I'm seeing the same behavior over a 90 day period:
@maudrid Welcome to the club 🤝
hello everyone guys 👋 @grandich I think your revision helped us
...
# -- Section for crafting Promtails config file. The only directly relevant value is `config.file`
# which is a templated string that references the other values and snippets below this key.
# @default -- See `values.yaml`
config:
...
# -- A section of reusable snippets that can be reference in `config.file`.
# Custom snippets may be added in order to reduce redundancy.
# This is especially helpful when multiple `kubernetes_sd_configs` are use which usually have large parts in common.
# @default -- See `values.yaml`
snippets:
...
# -- You can put here any keys that will be directly added to the config file's 'limits_config' block.
# @default -- empty
extraLimitsConfig: |
max_line_size: 0
max_line_size_truncate: false
...
This issue should be renamed to "Promtail: memory leak" as it was confirmed that this is really a memory leak. Also, a fix would be nice 🙏🏼.
it's work 🤔
Hi , facing memory leak issue in the promtail. My Promtail pods have been slowly, but steadily increasing their memory consumption for the last 30 days kindly provide any solution for that
Any solution for this issue? Still facing this for v3.0.0
This is happening even promtail is used only for ingesting logs from journal.
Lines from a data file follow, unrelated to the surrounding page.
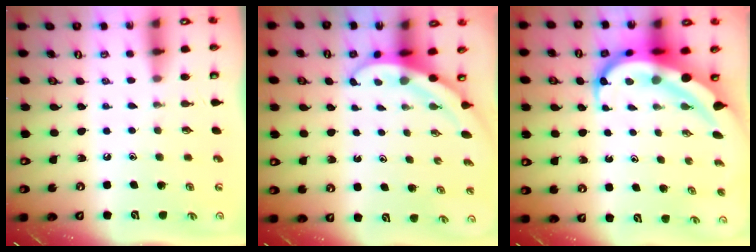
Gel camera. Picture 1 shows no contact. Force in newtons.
{"total": 3.8, "press": 3.8, "slide": 0.2}
{"total": 12.5, "press": 12.4, "slide": 1.3}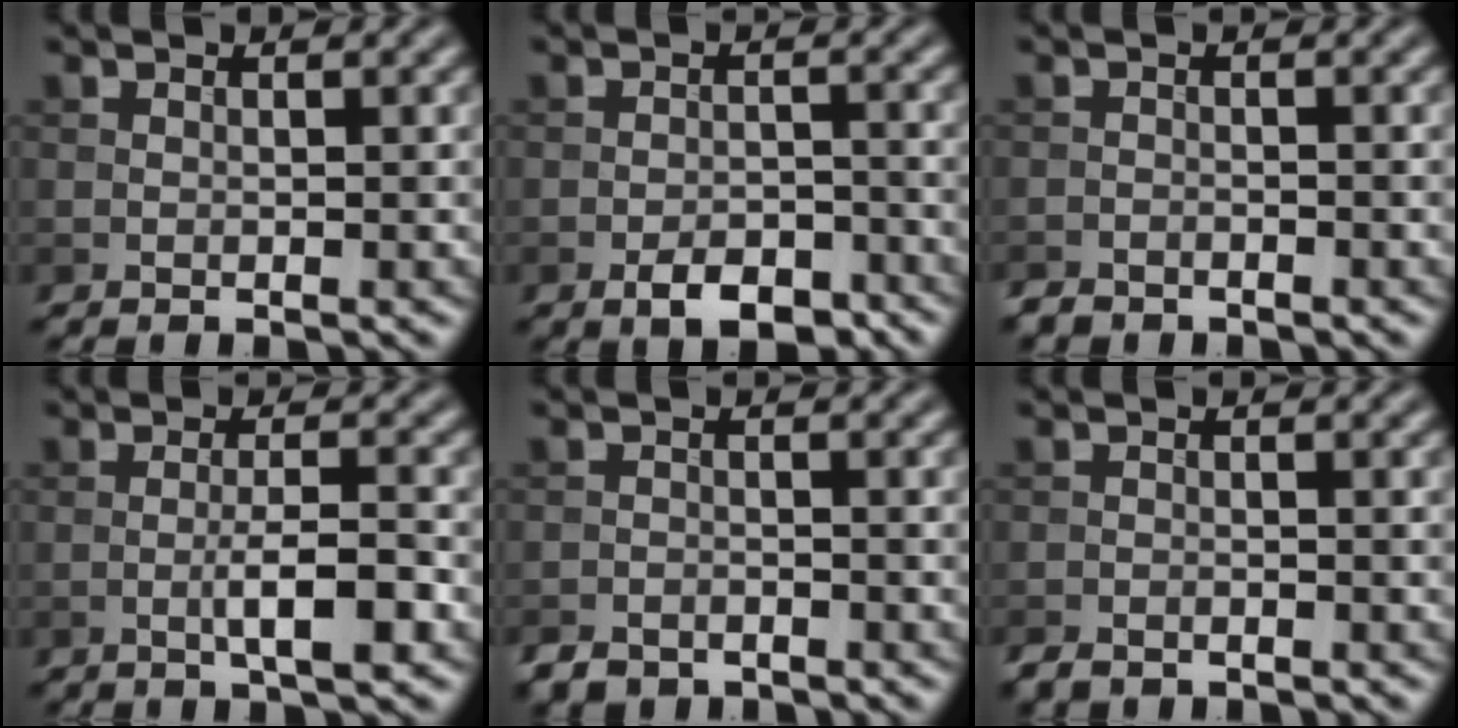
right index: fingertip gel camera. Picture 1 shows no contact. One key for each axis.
{"total": 4.0, "fx": -2.6, "fy": 1.8, "fz": 2.4, "tx": -0.035, "ty": -0.002, "tz": -0.045}
{"total": 1.3, "fx": -1.3, "fy": 0.4, "fz": 0.1, "tx": 0.000, "ty": -0.001, "tz": -0.026}
{"total": 3.7, "fx": -1.2, "fy": 0.6, "fz": 3.4, "tx": -0.059, "ty": 0.004, "tz": -0.022}
{"total": 2.1, "fx": -1.8, "fy": 0.9, "fz": 0.4, "tx": -0.003, "ty": -0.001, "tz": -0.037}
{"total": 1.5, "fx": -1.3, "fy": 0.5, "fz": 0.4, "tx": -0.007, "ty": -0.002, "tz": -0.027}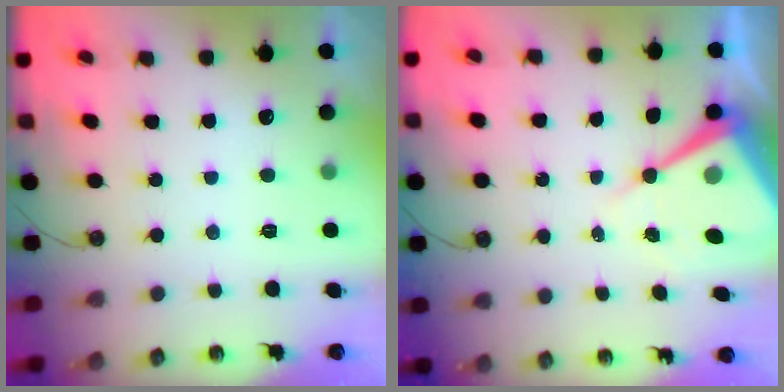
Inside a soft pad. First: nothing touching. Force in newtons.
{"total": 11.7, "press": 11.7, "slide": 0.9}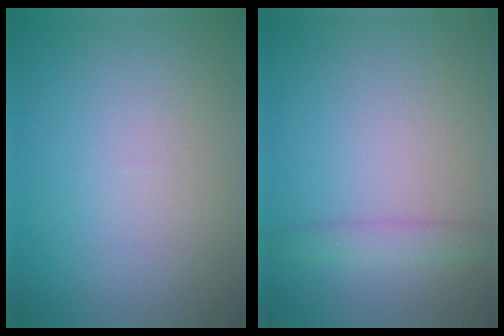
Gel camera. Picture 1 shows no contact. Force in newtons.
{"total": 1.7, "press": 1.7, "slide": 0.2}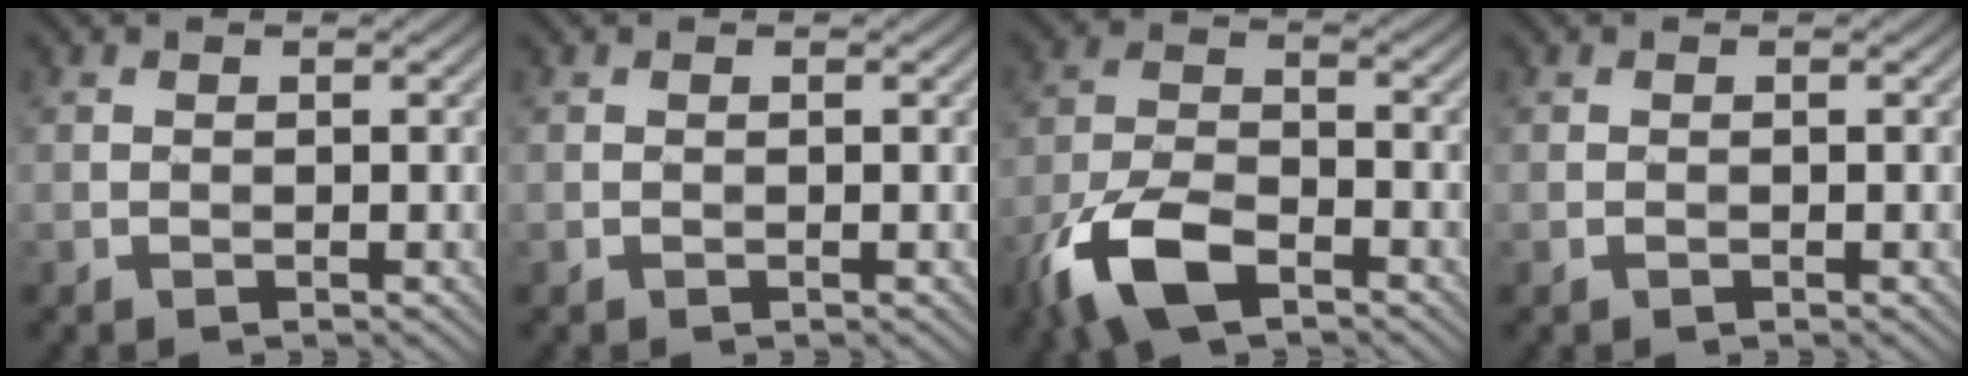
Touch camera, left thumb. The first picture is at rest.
{"total": 0.0}
{"total": 9.8, "force": [-6.0, 4.2, 6.6], "torque": [-0.145, -0.007, -0.129]}
{"total": 0.0}

This is happening even promtail is used only for ingesting logs from journal
We have a few installations of promtail scraping logs from regular files and systemd journal. Historically, these are running separately, each instance with its own config. We noticed that only the ones with journal scraping are consistently leaking, while others (those scraping regular files) doing just fine, e.g.:
So far we confirmed the leak on v2.8.2 and v3.0.1.
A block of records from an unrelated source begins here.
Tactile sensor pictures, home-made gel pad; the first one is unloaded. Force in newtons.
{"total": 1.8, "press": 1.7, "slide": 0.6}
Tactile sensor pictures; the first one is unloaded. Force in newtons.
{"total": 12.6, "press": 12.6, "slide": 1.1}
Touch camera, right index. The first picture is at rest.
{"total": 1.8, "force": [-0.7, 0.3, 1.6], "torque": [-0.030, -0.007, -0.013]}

We also tried to migrate from promtail to alloy (for this particular log scrapping task), but alloy was consuming almost 2x more RSS doing exactly the same thing as promtail, so we had to postpone the migration for now.
For this particular workloads we do not use any k8s or containers; promtails are running on regular VMs.
I'd be happy to provide more context if it helps to finally resolve the issue.
Hello
on my side, I had the same mem leak problem but just on few promtail of the daemonset. (helm chart : 6.16.4 with promtail : 3.0.0
)
I've tried some settings under extraLimitsConfig
without evolution.
Finally, the best thing I've found is to reduce the number of files being tracked. In our context, there is no need to keep every container discovered by kubernetes_sd_configs
under watch in Loki.
As an example, some exclusions (slightly modified for the post):
extraRelabelConfigs:
- action: drop
source_labels:
- namespace
regex: '(kube-system|kubernetes-dashboard|postgres|observability)'
- action: drop
source_labels:
- pod
regex: '(loki|promtail|.*botkube|kafka-lag-exporter)-.*'
- action: drop
source_labels:
- container
regex: "(vault-agent|jaeger-agent|envoy-sidecar)"
This workaround fixes our recurring OOM of promtail in various envs.
Describe the bug We are seeing a slow but steady increase in memory usage for our Promtail pods. IMHO this looks very typical for a memory leak. Sooner or later we experience OOM kills for Promtail.
To Reproduce Steps to reproduce the behavior:
Expected behavior I would expect memory consumption to be somewhat linear under regular operation. Or, if there are spikes, that the memory is freed after increased demand.
Environment:
Screenshots, Promtail config, or terminal output
We are using the default values of the Helm Chart (with exception of the Loki URL and some podAnnotations and tolerations).
I'm also happy to investigate more on this and e.g. track down what is actually driving the memory consumption, if someone can point me in the right direction how to do this.